Oh, how I desperately wish that were the case here. Instead, we are faced with the reality that deep in New York City’s twisting streets, a place called The Doughnut Project is collaborating with Hudson & Charles’s Butcher Shop to create the Bone-Marrow donut, a donut filled with chocolate…and real beef bone marrow, pulled from beef and pork bones, roasted, and stuffed with the chocolate into the center of the donut, which is then glazed with clementine glaze and chocolate shavings.
When will we as a society learn that animal parts don’t belong in sweets?
As I said in the beginning, every culture that can get their hands on oil eventually develops a donut of some sort. The Czech Republic is no different, creating the Kolache for weddings.

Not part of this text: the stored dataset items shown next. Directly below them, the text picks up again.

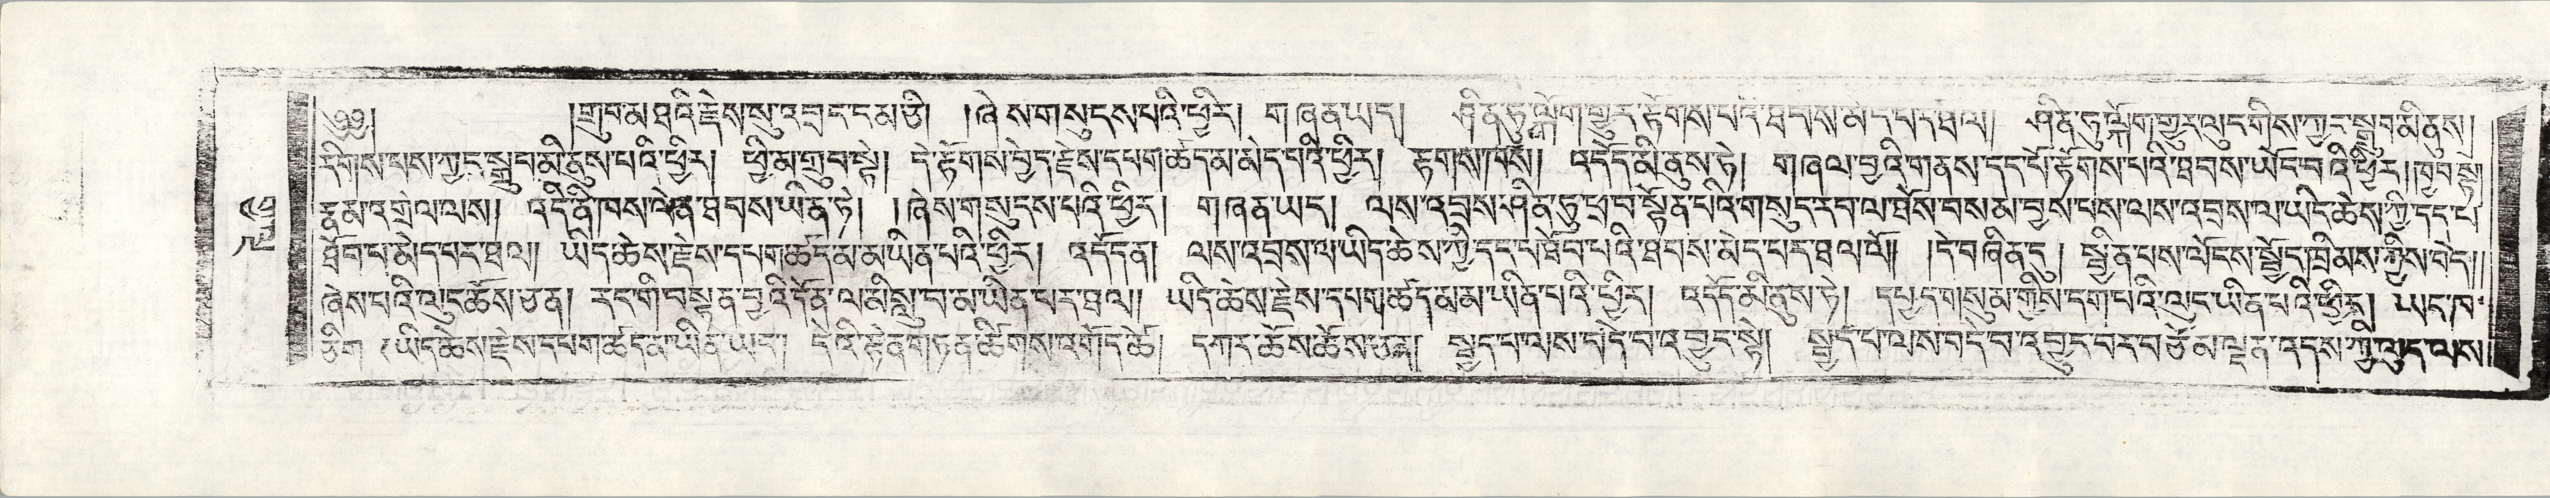༄༅། །གྲུབ་མཐའི་རྗེས་སུ་འབྲང་ངམ་ཅི། །ཞེས་གསུངས་པའི་ཕྱིར། གཞན་ཡང་།ཤིན་ཏུ་ལྐོག་གྱུར་རྟོགས་པའི་ཐབས་མེད་པར་ཐལ། ཤིན་ཏུ་ལྐོག་གྱུར་ལུང་གིས་ཀྱང་སྒྲུབ་མི་ནུས།
རིགས་པས་ཀྱང་སྒྲུབ་མི་ནུས་པའི་ཕྱིར། ཕྱི་མ་གྲུབ་སྟེ། དེ་རྟོགས་བྱེད་རྗེས་དཔག་ཚད་མ་མེད་པའི་ཕྱིར། རྟགས་ཁས། འདོད་མི་ནུས་ཏེ། གཞལ་བྱའི་གནས་དང་པོ་རྟོགས་པའི་ཐབས་ཡོད་པའི་ཕྱིར། ཁྱབ་སྟེ་
རྣམ་འགྲེལ་ལས། འདི་ནི་ཁས་ལེན་ཐབས་ཡིན་ཏེ། །ཞེས་གསུངས་པའི་ཕྱིར། གཞན་ཡང་།ལས་འབྲས་ཤིན་ཏུ་ཕྲ་བ་སྟོན་པའི་གསུང་རབ་ལ་ཐོས་བསམ་བྱས་པས་ལས་འབྲས་ལ་ཡིད་ཆེས་ཀྱི་དད་པ་
ཐོབ་པ་མེད་པར་ཐལ། ཡིད་ཆེས་རྗེས་དཔག་ཚད་མ་མ་ཡིན་པའི་ཕྱིར། འདོད་ན། ལས་འབྲས་ལ་ཡིད་ཆེས་ཀྱི་དད་པ་ཐོབ་པའི་ཐབས་མེད་པར་ཐལ་ལོ། །དེ་བཞིན་དུ། སྦྱིན་པས་ལོངས་སྤྱོད་ཁྲིམས་ཀྱིས་བདེ།
ཞེས་པའི་ལུང་ཆོས་ཅན། རང་གི་བསྟན་བྱའི་དོན་ལ་མི་སླུ་བ་མ་ཡིན་པར་ཐལ། ཡིད་ཆེས་རྗེས་དཔག་ཚད་མ་མ་ཡིན་པའི་ཕྱིར། འདོད་མི་ནུས་ཏེ། དཔྱད་གསུམ་གྱིས་དག་པའི་ལུང་ཡིན་པའི་ཕྱིར། ཡང་ཁ་
ཅིག །ཡིད་ཆེས་རྗེས་དཔག་ཚད་མ་ཡིན་ཡང་།དེའི་རྟེན་གཏན་ཚིགས་འགོད་ཚེ། དཀར་ཆོས་ཆོས་ཅན། སྤྱད་པ་ལས་བདེ་བ་འབྱུང་སྟེ། སྤྱད་པ་ལས་བདེ་བ་འབྱུང་བར་བཅོམ་ལྡན་འདས་ཀྱི་ལུང་ལས་
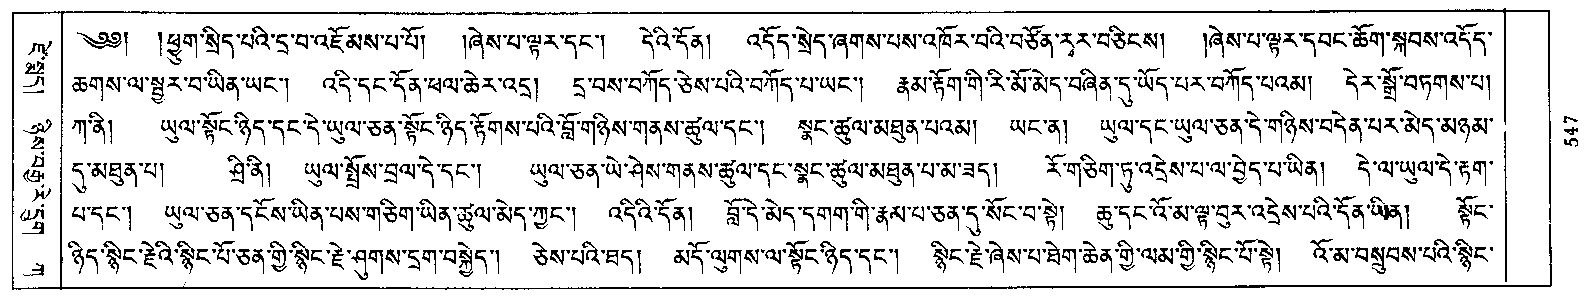༄༅། །ཕྱུག་སྲིད་པའི་དྲ་བ་འཇོམས་པ་པོ། །ཞེས་པ་ལྟར་དང་། དེའི་དོན། འདོད་སྲེད་ཞགས་པས་འཁོར་བའི་བཙོན་རྭར་བཅིངས། །ཞེས་པ་ལྟར་དབང་ཆོག་སྐབས་འདོད་
ཆགས་ལ་སྦྱར་བ་ཡིན་ཡང་། འདི་དང་དོན་ཕལ་ཆེར་འདྲ། དྲ་བས་བཀོད་ཅེས་པའི་བཀོད་པ་ཡང་། རྣམ་རྟོག་གི་རི་མོ་མེད་བཞིན་དུ་ཡོད་པར་བཀོད་པའམ། དེར་སྒྲོ་བཏགས་པ།
ཀ་ནི། ཡུལ་སྟོང་ཉིད་དང་དེ་ཡུལ་ཅན་སྟོང་ཉིད་རྟོགས་པའི་བློ་གཉིས་གནས་ཚུལ་དང་། སྣང་ཚུལ་མཐུན་པའམ། ཡང་ན། ཡུལ་དང་ཡུལ་ཅན་དེ་གཉིས་བདེན་པར་མེད་མཉམ་
དུ་མཐུན་པ། ཤྲི་ནི། ཡུལ་སྤྲོས་བྲལ་དེ་དང་། ཡུལ་ཅན་ཡེ་ཤེས་གནས་ཚུལ་དང་སྣང་ཚུལ་མཐུན་པ་མ་ཟད། རོ་གཅིག་ཏུ་འདྲེས་པ་ལ་བྱེད་པ་ཡིན། དེ་ལ་ཡུལ་དེ་རྟག་
པ་དང་། ཡུལ་ཅན་དངོས་ཡིན་པས་གཅིག་ཡིན་ཚུལ་མེད་ཀྱང་། འདིའི་དོན། བློ་དེ་མེད་དགག་གི་རྣམ་པ་ཅན་དུ་སོང་བ་སྟེ། ཆུ་དང་འོ་མ་ལྟ་བུར་འདྲེས་པའི་དོན་ཡིན། སྟོང་
ཉིད་སྙིང་རྗེའི་སྙིང་པོ་ཅན་གྱི་སྙིང་རྗེ་ཤུགས་དྲག་བསྐྱེད། ཅེས་པའི་ཐད། མདོ་ལུགས་ལ་སྟོང་ཉིད་དང་། སྙིང་རྗེ་ཞེས་པ་ཐེག་ཆེན་གྱི་ལམ་གྱི་སྙིང་པོ་སྟེ། འོ་མ་བསྲུབས་པའི་སྙིང་
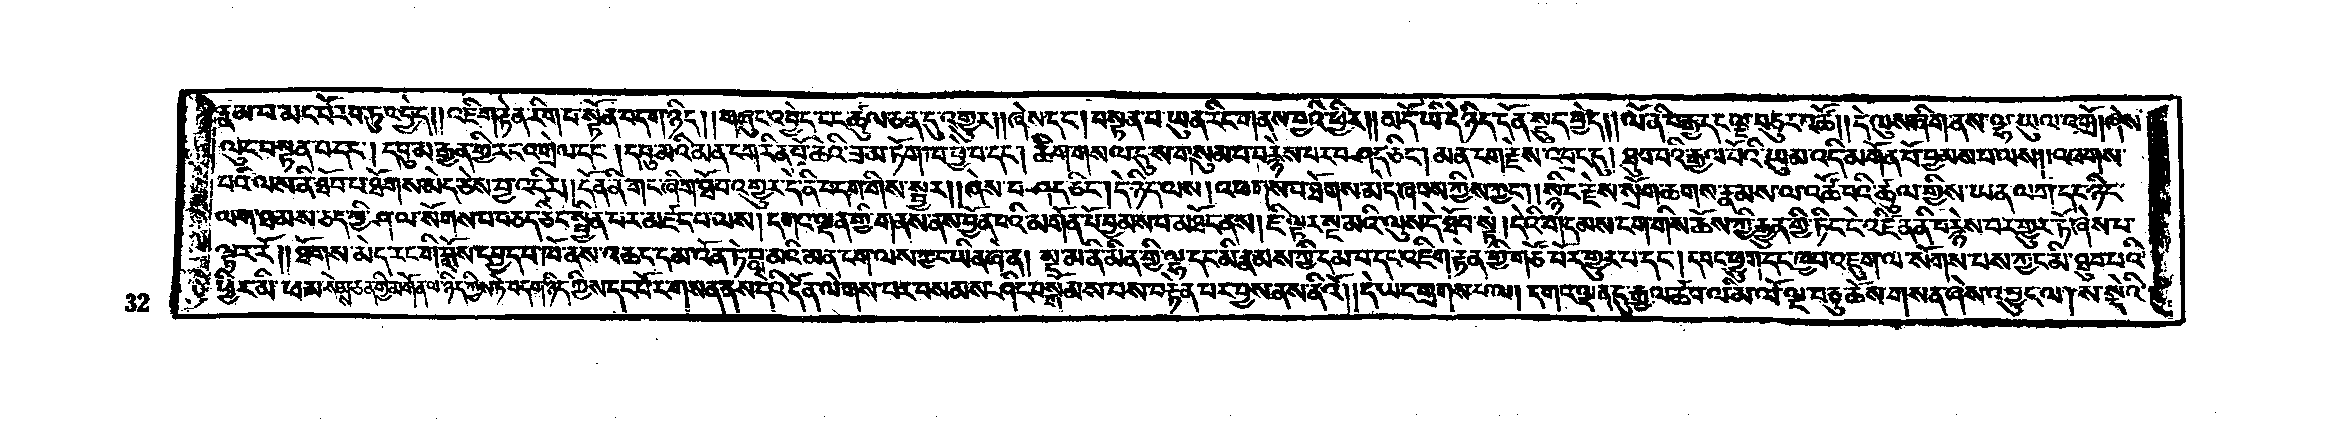རྣམ་པ་མང་པོ་རབ་ཏུ་འབྱེད། །འཇིག་རྟེན་རིག་པ་སྟོན་བདག་ཉིད། །གཞུང་འབྱེད་དང་ཚུལ་ཅན་དུ་འགྱུར། །ཞེས་དང་། བསྟན་པ་ཡུན་རིང་གནས་བྱའི་ཕྱིར། །མདོ་ཡི་དེ་ཉིད་དོན་སྡུད་བྱེད། །ལོ་ནི་བརྒྱ་དང་ལྔ་བཅུར་འཚོ། །དེ་ལུས་ཞིག་ནས་ལྷ་ཡུལ་འགྲོ། ཞེས་
ལུང་བསྟན་པ་དང་། དབུ་མ་རྒྱན་གྱི་རང་འགྲེལ་དང་། དབུ་མའི་མན་ངག་རིན་པོ་ཆེའི་ཟ་མ་ཏོག་ཁ་ཕྱེ་བ་དང་། ཚིག་གསལ་དུ་ས་གསུམ་པ་བརྙེས་པར་བཤད་ཅིང་། མན་ངག་རྗེས་འབྲང་དུ། ཐུབ་པའི་རྒྱལ་པོའི་ཡུམ་འདི་མགོན་པོ་བྱམས་པ་ལས། །འཕགས་
པའི་ལམ་ནི་ཐོབ་པ་ཐོགས་མེད་ཅེས་བྱ་འདིར། །དོན་ནི་གང་ཞིག་ཐོབ་འགྱུར་དེ་ནི་བདག་གིས་སྦྱར། །ཞེས་བཤད་ཅིང་། དེ་ཉིད་ལས། འཕགས་པ་ཐོགས་མེད་ཞབས་ཀྱིས་ཀྱང་། །སྙིང་རྗེས་སྲོག་ཆགས་རྣམས་ལ་འཚོ་བའི་ཚུལ་གྱིས་ཡན་ལག་དང་ཉིང་
ལག་ཐམས་ཅད་ཀྱི་ཤ་ལ་སོགས་པ་བཅད་ཅིང་སྦྱིན་པར་མཛད་པ་ལས། དགའ་ལྡན་གྱི་གནས་ནས་བྱོན་པའི་མགོན་པོ་བྱམས་པ་མཐོང་ནས། ཇི་ལྟར་སྔ་མའི་ལུས་དེ་ཐོབ་སྟེ། དེའི་གདམས་ངག་གིས་ཆོས་ཀྱི་རྒྱུན་གྱི་ཏིང་ངེ་འཛིན་ནི་བརྙེས་པར་གྱུར་ཏོ་ཞེས་པ་
ལྟར་རོ། །ཐོགས་མེད་རང་གི་བློས་དཔྱད་པ་ཁོ་ནས་འཆད་དམ་འོན་ཏེ་བླ་མའི་མན་ངག་ལས་ཀྱང་ཡིན་ཞེ་ན། སྔ་མ་ནི་མིན་གྱི་ལྷ་དང་མི་རྣམས་ཀྱི་དམ་པ་དང་འཇིག་རྟེན་གྱི་གཙོ་བོར་གྱུར་པ་དང་། དབང་ཕྱུག་དང་ཁྱབ་འཇུག་ལ་སོགས་པས་ཀྱང་མི་ཐུབ་པའི་
ཕྱིར་མི་ཕམ་སེམས་ཅན་གྱི་མགོན་ལ་ཉིད་ཀྱིས་ཏེ་བདག་ཉིད་ཀྱིས་དང་པོར་གསན་ནས་དེའི་དོན་ལེགས་པར་བསམས་ཤིང་བསྒོམས་པས་བརྟེན་པར་བྱས་ནས་ནིའོ། །དེ་ཡང་གྲགས་པ་ལ། དགའ་ལྡན་དུ་རྒྱལ་ཚབ་ལ་མི་ལོ་ལྔ་བཅུ་ཆོས་གསན་ཞེས་འབྱུང་ལ། ས་སྡེའ་
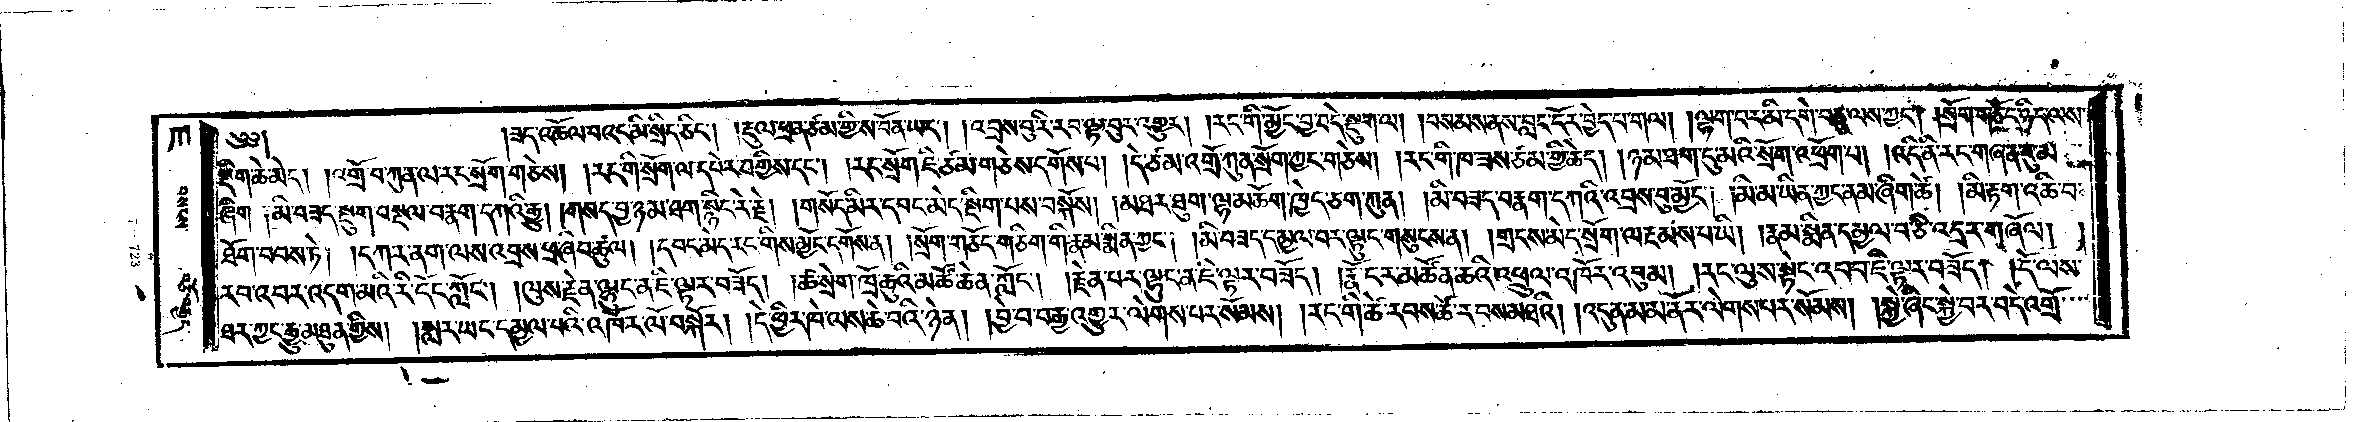༄༅། །ཟད་འཆོལ་བའང་མི་སྲིད་ཅིང་། །རྡུལ་ཕྲན་ཙམ་གྱི་ས་བོན་ཡང་། །འབྲས་བུ་རི་རབ་ལྟ་བུར་འགྱུར། །རང་གི་མྱོང་བྱ་བདེ་སྡུག་ལ། །བསམས་ནས་བླང་དོར་བྱེད་པ་གལ། །ལྷག་པར་མི་དགེ་བཅུ་ལས་ཀྱང་། །སྲོག་གཅོད་ཉིད་ལས་
སྡིག་ཆེ་མེད། །འགྲོ་བ་ཀུན་ལ་རང་སྲོག་གཅེས། །རང་གི་སྲོག་ལ་དབེར་དགྱིས་དང་། །རང་སྲོག་ཇི་ཙམ་གཅེས་དགོས་པ། །དེ་ཙམ་འགྲོ་ཀུན་སྲོག་ཀྱང་གཅེས། །རང་གི་ཁ་ཟས་ཙམ་གྱི་ཆེད། །ཉམ་ཐག་དུ་མའི་སྲོག་འཕྲོག་པ། །འདི་ནི་རང་གཞན་དུ་མ་
ཞིག ༑མི་བཟད་སྡུག་བསྔལ་བརྣག་དཀའི་རྒྱུ། །བསད་བྱ་ཉམ་ཐག་སྙིང་རེ་རྗེ། །གསོད་མིར་དབང་མེད་སྡིག་པས་བསྐོས། །མཐར་ཐུག་ལྷ་མཆོག་ཁྱེད་ཅག་ཀུན། །མི་བཟད་བརྣག་དཀའི་འབྲས་བུ་མྱོང་། །མི་མ་ཡིན་ཀྱང་ནམ་ཞིག་ཚེ། །མི་རྟག་འཆི་བ་
ཐོག་བབས་ཏེ། །དཀར་ནག་ལས་འབྲས་ཕྲ་ཞིབ་ཚུལ། །དབང་མེད་རང་གིས་མྱོང་དགོས་ན། །སྲོག་གཅོད་གཅིག་གི་རྣམ་སྨིན་ཀྱང་། །མི་བཟད་དམྱལ་བར་ལྟུང་གསུངས་ན། །གྲངས་མེད་སྲོག་ལ་རྔམས་པ་ཡི། །རྣམ་སྨིན་དམྱལ་བ་ཅི་འདྲར་གཞོལ། །
རབ་འབར་འདག་མའི་རི་དོང་ཀློང་། །ལུས་རྗེན་ལྷུང་ན་ཇི་ལྟར་བཟོད། །ཚ་སྲེག་ཁྲོ་ཆུའི་མཚོ་ཆེན་ཀློང་། །རྗེན་པར་ལྷུང་ན་ཇི་ལྟར་བཟོད། །རྣོ་ངར་མཚོན་ཆའི་འཕྲུལ་འཁོར་འབུམ། །དང་ལུས་སྟེང་འབབ་ཇི་ལྟར་བཟོད། །དེ་ལས་
ཐར་ཀྱང་རྒྱུ་མཐུན་གྱིས། །སླར་ཡང་དམྱལ་བའི་འཁོར་ལོ་བསྐོར། །དེ་ཕྱིར་ཁེ་ལས་ཆེ་བའི་ཉེན། །བྱེ་བ་བརྒྱ་འགྱུར་ལེགས་པར་སོམས། །རང་གི་ཚེ་རབས་ཚེ་རབས་མཐའི། །འདུན་མ་མནོར་ལེགས་པར་སོམས། །སྐྱེ་ཞིང་སྐྱེ་བར་བདེ་འགྲོ་

A soft, airy pastry filled with cream, sweet cheeses like cream cheese, or fruits, they were an exemplary form of the donut, a delicious, soft treat that makes you smile and think of childhood.
Then the Texans came. Of all the states, Texas is the state that loves their meat and beer the most, and this loves apparently extends even to donuts.
The Kolache Factory, which is exactly what it sounds like, is the biggest offender, stuffing the traditional Czech wedding pastry with sausage poached in beer, cheese, and jalapenos.
These thing on their own or in, say, a biscuit or some other sort of fried shell are delicious, and I applaud Texas for this delicious combination, but at the end of the day, none of that belongs in a sweet, sweet donut.
Technically, this donut isn’t as offensive to the taste buds as the others on this list, but it is offensive to the wallet, and to common sense.
The New York (of course) based Manila Social Club has created a donut that sells for 100 dollars per sweet, an outrageous amount for a simple fried pastry. What makes this fried dough so expensive?
They drape it with a blanket of solid gold.
The donut itself is pretty simple, if a little high concept: the usual fried dough, filled with ube mousse, a type of whipped, fluffy, cream-like filling made from purple yams, and topped with champagne infused (and colored) frosting. The expense, and the awfulness, comes from the thin layer of 24 karat gold draped over the finished product.
While technically it is edible, that’s still metal. It also has no taste. It serves no function but to make the donut exceptionally expensive.
This is a no from me.
There are exactly two kinds of eggs that belong in a donut: a chicken egg, for making the dough or topping a Luther Burger, and a Cadbury Creme Egg, to make the filling or as a topping on Easter. At no other time, and in no other way, should an egg of any sort come in contact with a donut.
Especially not fish eggs. Unfortunately for you and I, that is exactly the kind of egg that Paul Hurley, the founder of Dum Dum Donutterie, has placed on his extra expensive cronut.
The offending morsel is a small, donut-croissant mixed pastry that contains, among other things, champagne, vanilla beans, and chocolate, all the most rare and expensive types of course.
The disgusting part comes into play when the creator reveals that as an added bonus, and to really bump up the price, he’s added caviar and gold leaf, bringing the total cost of these donuts up to $2,000 per donut and the edibility of this malformed misuse of ingredients to somewhere around zero.
A great buy if you have infinite money to waste and hate your sense of taste, I suppose, but for anyone else, probably not the best idea to buy or even sample.